RECORDED DATA: Begin

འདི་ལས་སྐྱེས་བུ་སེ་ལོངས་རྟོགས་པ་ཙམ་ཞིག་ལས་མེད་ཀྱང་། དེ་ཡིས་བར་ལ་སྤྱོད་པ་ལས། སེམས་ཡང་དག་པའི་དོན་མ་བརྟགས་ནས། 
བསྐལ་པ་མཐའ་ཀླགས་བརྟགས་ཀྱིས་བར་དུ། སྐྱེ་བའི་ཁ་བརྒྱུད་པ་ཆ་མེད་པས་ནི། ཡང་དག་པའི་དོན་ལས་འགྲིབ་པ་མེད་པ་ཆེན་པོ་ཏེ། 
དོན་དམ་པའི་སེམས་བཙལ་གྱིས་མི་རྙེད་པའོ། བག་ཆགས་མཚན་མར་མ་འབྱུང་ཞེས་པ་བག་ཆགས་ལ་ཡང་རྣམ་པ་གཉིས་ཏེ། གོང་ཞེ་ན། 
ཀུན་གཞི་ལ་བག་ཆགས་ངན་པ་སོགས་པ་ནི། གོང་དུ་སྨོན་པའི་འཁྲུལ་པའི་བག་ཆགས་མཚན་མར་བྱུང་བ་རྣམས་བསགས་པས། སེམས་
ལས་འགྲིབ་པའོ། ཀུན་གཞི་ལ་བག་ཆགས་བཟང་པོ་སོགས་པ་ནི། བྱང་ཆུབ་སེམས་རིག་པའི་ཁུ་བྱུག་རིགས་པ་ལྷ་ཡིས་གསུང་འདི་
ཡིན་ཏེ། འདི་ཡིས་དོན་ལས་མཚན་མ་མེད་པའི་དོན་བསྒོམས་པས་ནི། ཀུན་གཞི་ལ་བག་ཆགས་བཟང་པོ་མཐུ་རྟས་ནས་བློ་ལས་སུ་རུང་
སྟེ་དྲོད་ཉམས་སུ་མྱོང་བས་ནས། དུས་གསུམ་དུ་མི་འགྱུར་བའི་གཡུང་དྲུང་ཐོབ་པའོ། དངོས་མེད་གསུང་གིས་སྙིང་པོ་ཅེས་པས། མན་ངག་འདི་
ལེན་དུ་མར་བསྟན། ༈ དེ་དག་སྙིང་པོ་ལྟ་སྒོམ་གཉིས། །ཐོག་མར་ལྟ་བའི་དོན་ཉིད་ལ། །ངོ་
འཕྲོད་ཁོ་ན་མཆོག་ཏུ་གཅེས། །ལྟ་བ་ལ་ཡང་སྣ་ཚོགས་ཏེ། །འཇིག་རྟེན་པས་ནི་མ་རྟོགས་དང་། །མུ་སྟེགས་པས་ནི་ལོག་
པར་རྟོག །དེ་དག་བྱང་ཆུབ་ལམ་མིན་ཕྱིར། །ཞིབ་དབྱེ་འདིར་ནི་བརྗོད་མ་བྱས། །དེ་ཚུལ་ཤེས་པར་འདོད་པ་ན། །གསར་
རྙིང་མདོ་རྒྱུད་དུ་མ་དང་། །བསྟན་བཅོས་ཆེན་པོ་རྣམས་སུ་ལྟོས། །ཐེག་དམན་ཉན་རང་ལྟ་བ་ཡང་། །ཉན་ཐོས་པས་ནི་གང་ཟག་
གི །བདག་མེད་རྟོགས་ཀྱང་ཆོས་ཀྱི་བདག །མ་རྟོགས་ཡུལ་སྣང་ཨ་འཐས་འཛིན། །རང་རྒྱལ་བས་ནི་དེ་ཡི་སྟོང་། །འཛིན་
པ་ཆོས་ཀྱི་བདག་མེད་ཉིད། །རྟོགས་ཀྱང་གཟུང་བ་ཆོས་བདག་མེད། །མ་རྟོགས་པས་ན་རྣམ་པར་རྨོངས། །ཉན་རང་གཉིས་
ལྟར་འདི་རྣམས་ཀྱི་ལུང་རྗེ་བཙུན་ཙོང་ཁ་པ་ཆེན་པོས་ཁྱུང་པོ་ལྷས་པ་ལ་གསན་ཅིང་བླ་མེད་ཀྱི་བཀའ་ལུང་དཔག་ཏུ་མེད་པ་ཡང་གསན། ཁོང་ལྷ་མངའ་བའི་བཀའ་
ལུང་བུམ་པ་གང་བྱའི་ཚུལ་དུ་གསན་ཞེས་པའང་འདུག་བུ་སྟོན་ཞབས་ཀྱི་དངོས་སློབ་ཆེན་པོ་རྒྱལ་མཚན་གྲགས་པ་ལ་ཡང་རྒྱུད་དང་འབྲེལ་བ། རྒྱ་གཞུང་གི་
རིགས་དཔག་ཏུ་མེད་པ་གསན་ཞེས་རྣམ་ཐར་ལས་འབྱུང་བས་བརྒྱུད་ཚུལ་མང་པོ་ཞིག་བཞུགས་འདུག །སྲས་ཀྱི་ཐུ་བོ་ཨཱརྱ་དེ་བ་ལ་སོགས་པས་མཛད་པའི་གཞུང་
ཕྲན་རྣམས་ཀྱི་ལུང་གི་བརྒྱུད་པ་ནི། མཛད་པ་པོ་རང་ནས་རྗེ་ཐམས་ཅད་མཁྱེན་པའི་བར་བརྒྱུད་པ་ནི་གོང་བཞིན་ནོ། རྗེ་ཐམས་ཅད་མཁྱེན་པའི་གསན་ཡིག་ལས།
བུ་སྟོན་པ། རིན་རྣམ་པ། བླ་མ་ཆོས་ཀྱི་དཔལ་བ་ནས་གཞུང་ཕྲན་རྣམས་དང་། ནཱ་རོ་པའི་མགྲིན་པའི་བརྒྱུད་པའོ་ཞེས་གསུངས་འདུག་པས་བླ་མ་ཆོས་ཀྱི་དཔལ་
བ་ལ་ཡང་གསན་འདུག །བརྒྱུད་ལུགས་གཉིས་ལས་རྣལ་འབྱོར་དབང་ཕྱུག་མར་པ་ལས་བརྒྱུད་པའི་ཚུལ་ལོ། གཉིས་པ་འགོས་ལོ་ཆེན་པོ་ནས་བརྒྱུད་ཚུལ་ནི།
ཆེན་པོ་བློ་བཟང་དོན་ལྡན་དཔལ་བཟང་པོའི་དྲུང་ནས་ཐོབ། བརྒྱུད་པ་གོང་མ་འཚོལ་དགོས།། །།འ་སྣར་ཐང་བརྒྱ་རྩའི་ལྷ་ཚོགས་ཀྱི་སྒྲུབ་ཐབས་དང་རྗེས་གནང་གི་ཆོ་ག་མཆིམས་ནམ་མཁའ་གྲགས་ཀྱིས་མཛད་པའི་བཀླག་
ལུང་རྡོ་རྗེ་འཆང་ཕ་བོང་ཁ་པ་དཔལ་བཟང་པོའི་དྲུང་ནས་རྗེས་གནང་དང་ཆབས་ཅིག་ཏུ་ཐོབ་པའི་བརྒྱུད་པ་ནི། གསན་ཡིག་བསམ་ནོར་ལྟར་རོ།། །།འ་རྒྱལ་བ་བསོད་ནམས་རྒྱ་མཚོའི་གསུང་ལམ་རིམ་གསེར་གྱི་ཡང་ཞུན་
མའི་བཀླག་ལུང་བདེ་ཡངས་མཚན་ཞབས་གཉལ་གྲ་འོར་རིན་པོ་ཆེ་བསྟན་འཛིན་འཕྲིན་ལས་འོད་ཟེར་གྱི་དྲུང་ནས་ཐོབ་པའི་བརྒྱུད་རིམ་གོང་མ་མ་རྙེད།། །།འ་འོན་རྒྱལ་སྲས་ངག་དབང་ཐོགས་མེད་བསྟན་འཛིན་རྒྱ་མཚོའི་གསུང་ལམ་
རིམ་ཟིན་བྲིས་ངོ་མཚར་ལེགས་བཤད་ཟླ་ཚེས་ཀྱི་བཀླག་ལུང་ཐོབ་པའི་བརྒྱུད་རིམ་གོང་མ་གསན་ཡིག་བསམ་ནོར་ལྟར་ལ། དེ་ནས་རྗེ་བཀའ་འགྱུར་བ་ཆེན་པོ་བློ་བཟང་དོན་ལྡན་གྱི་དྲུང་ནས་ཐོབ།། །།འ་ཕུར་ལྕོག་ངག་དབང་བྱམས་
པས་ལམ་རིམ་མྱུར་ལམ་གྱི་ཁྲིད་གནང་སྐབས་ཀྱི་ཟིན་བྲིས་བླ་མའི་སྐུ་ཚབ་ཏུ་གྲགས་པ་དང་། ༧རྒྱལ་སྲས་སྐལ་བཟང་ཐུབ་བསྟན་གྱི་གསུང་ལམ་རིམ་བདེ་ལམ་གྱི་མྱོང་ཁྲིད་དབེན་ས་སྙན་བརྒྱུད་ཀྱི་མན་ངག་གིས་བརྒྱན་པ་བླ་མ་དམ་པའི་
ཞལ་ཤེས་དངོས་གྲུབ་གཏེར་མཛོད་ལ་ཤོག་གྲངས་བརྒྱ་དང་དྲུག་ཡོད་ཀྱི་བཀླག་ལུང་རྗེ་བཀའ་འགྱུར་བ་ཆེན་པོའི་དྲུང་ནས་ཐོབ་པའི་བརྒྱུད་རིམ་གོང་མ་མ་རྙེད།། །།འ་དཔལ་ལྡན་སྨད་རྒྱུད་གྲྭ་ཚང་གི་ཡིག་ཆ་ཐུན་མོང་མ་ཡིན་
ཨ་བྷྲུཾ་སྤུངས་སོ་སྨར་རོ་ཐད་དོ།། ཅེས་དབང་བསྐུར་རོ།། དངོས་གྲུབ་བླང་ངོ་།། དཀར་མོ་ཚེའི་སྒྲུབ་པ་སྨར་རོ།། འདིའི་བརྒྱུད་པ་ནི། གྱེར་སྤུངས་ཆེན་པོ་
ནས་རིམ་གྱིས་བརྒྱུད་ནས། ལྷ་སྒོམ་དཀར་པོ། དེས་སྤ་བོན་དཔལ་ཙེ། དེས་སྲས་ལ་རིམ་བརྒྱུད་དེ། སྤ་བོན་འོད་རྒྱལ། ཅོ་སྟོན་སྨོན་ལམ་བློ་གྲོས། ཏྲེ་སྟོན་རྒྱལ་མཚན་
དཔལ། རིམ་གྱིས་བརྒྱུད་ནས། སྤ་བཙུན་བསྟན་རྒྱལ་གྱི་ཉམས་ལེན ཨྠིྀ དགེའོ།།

RECORDED DATA: End

WORK REQUEST – Look above for the line that contains "ལྟར་འདི་རྣམས་ཀ". Starting there, transcribe every line exactly until you have copied the line that contains "བུ་སྟོན་པ། རིན་རྣམ་པ། བླ་མ་ཆོས་ཀྱི་དཔལ་བ་ནས་གཞུང་ཕྲན་རྣམས་དང་།".

RESULT BELOW –
ལྟར་འདི་རྣམས་ཀྱི་ལུང་རྗེ་བཙུན་ཙོང་ཁ་པ་ཆེན་པོས་ཁྱུང་པོ་ལྷས་པ་ལ་གསན་ཅིང་བླ་མེད་ཀྱི་བཀའ་ལུང་དཔག་ཏུ་མེད་པ་ཡང་གསན། ཁོང་ལྷ་མངའ་བའི་བཀའ་
ལུང་བུམ་པ་གང་བྱའི་ཚུལ་དུ་གསན་ཞེས་པའང་འདུག་བུ་སྟོན་ཞབས་ཀྱི་དངོས་སློབ་ཆེན་པོ་རྒྱལ་མཚན་གྲགས་པ་ལ་ཡང་རྒྱུད་དང་འབྲེལ་བ། རྒྱ་གཞུང་གི་
རིགས་དཔག་ཏུ་མེད་པ་གསན་ཞེས་རྣམ་ཐར་ལས་འབྱུང་བས་བརྒྱུད་ཚུལ་མང་པོ་ཞིག་བཞུགས་འདུག །སྲས་ཀྱི་ཐུ་བོ་ཨཱརྱ་དེ་བ་ལ་སོགས་པས་མཛད་པའི་གཞུང་
ཕྲན་རྣམས་ཀྱི་ལུང་གི་བརྒྱུད་པ་ནི། མཛད་པ་པོ་རང་ནས་རྗེ་ཐམས་ཅད་མཁྱེན་པའི་བར་བརྒྱུད་པ་ནི་གོང་བཞིན་ནོ། རྗེ་ཐམས་ཅད་མཁྱེན་པའི་གསན་ཡིག་ལས།
བུ་སྟོན་པ། རིན་རྣམ་པ། བླ་མ་ཆོས་ཀྱི་དཔལ་བ་ནས་གཞུང་ཕྲན་རྣམས་དང་། ནཱ་རོ་པའི་མགྲིན་པའི་བརྒྱུད་པའོ་ཞེས་གསུངས་འདུག་པས་བླ་མ་ཆོས་ཀྱི་དཔལ་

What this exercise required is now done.